EXERCISE INPUTS |

*** Begin section ***

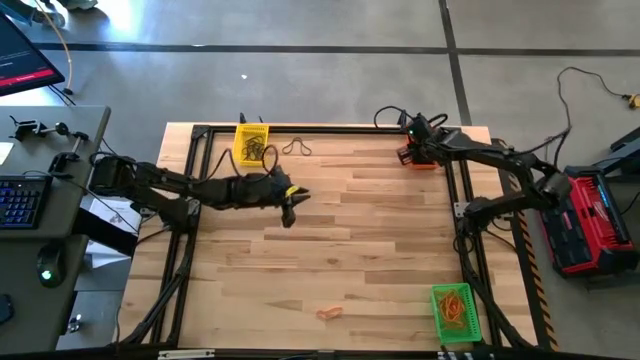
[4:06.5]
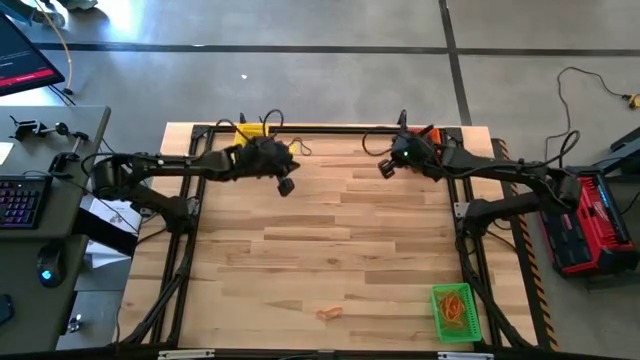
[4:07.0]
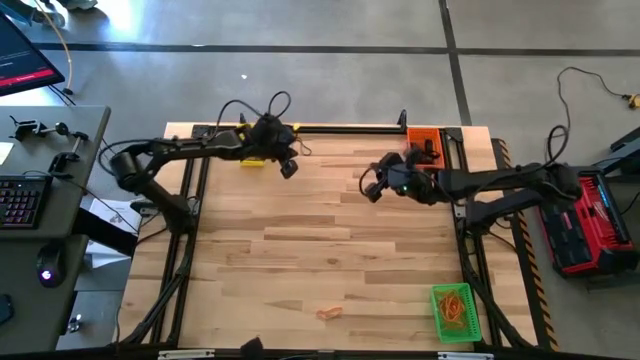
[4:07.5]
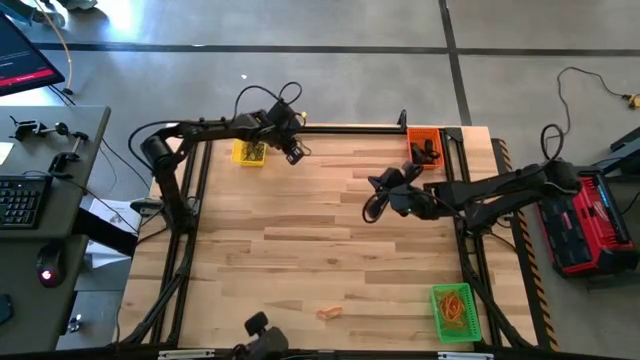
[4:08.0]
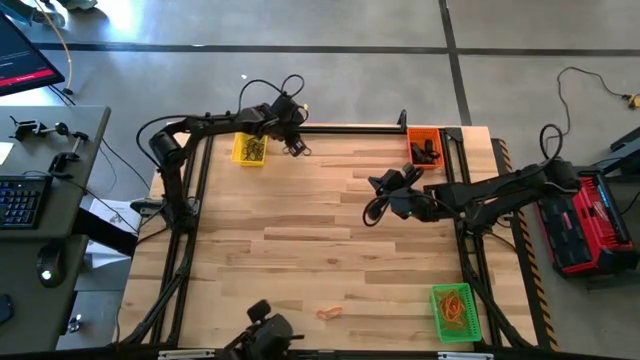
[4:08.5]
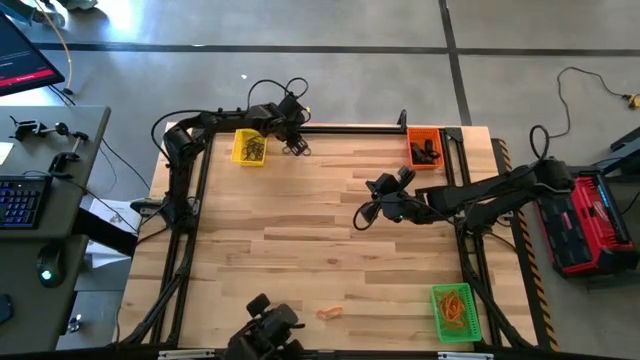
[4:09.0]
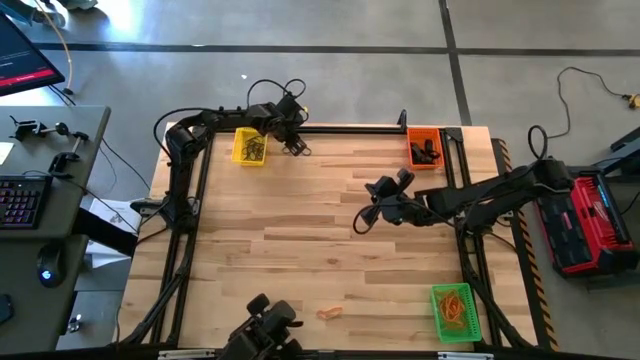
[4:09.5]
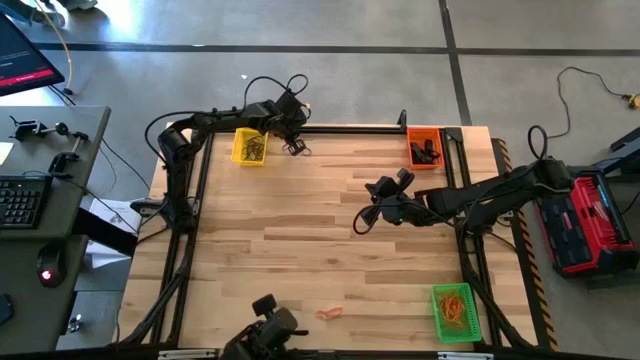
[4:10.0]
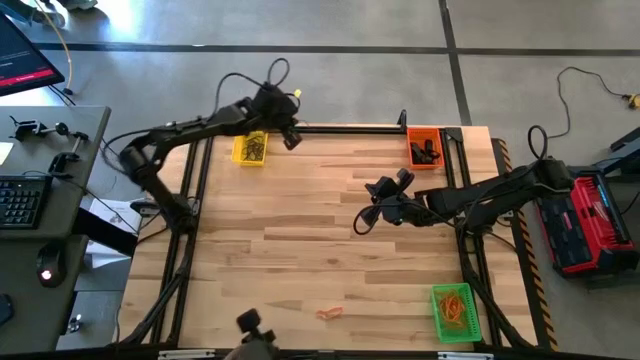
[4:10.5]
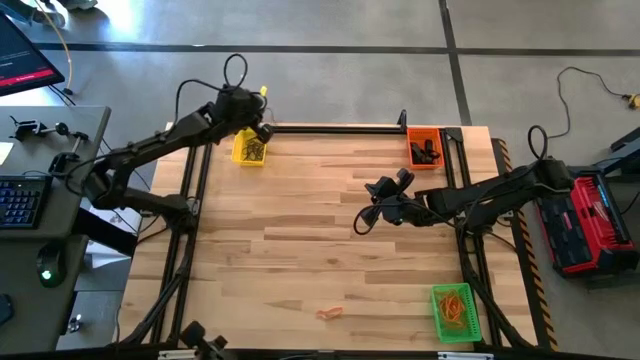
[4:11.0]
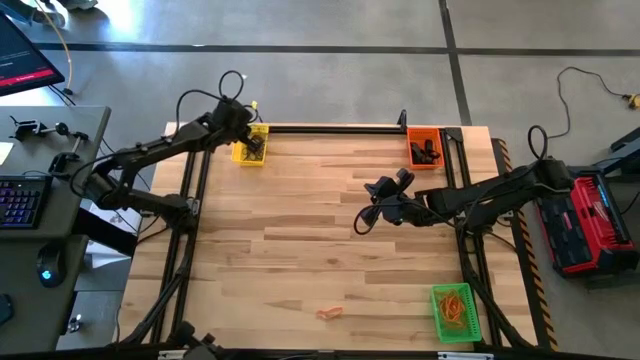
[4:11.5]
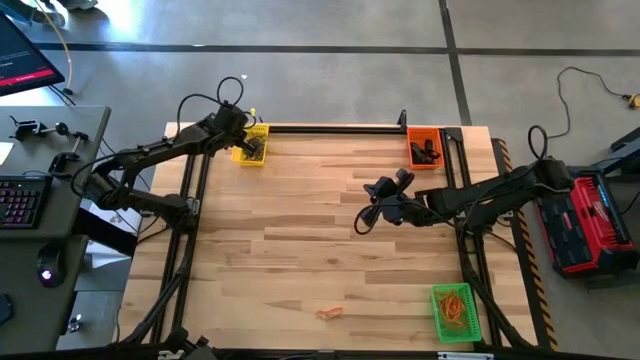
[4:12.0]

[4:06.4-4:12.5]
Put the purple rubber band into the yellow bin

*** End section ***

ASSIGNMENT | What is needed is the listing above, repeated verbatim, without its images.

REPLY |
[4:06.5]
[4:07.0]
[4:07.5]
[4:08.0]
[4:08.5]
[4:09.0]
[4:09.5]
[4:10.0]
[4:10.5]
[4:11.0]
[4:11.5]
[4:12.0]

[4:06.4-4:12.5]
Put the purple rubber band into the yellow bin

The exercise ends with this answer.